━━━━━ Entries shown ━━━━━

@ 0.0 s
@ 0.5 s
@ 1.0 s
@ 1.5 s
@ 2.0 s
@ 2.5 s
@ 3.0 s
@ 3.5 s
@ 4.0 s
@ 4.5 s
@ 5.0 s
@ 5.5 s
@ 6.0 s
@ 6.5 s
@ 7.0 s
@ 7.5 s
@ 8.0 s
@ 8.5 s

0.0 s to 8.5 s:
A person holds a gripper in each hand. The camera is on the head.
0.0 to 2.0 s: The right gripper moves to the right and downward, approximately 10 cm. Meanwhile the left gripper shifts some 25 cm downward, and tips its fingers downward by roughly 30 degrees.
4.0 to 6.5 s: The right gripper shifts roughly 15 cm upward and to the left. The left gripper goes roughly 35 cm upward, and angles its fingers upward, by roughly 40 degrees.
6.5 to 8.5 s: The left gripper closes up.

━━━━━

* **Assignment**
Retype all of the data exactly. Leave nothing out.

* **Exercise output**
@ 0.0 s
@ 0.5 s
@ 1.0 s
@ 1.5 s
@ 2.0 s
@ 2.5 s
@ 3.0 s
@ 3.5 s
@ 4.0 s
@ 4.5 s
@ 5.0 s
@ 5.5 s
@ 6.0 s
@ 6.5 s
@ 7.0 s
@ 7.5 s
@ 8.0 s
@ 8.5 s

0.0 s to 8.5 s:
A person holds a gripper in each hand. The camera is on the head.
0.0 to 2.0 s: The right gripper moves to the right and downward, approximately 10 cm. Meanwhile the left gripper shifts some 25 cm downward, and tips its fingers downward by roughly 30 degrees.
4.0 to 6.5 s: The right gripper shifts roughly 15 cm upward and to the left. The left gripper goes roughly 35 cm upward, and angles its fingers upward, by roughly 40 degrees.
6.5 to 8.5 s: The left gripper closes up.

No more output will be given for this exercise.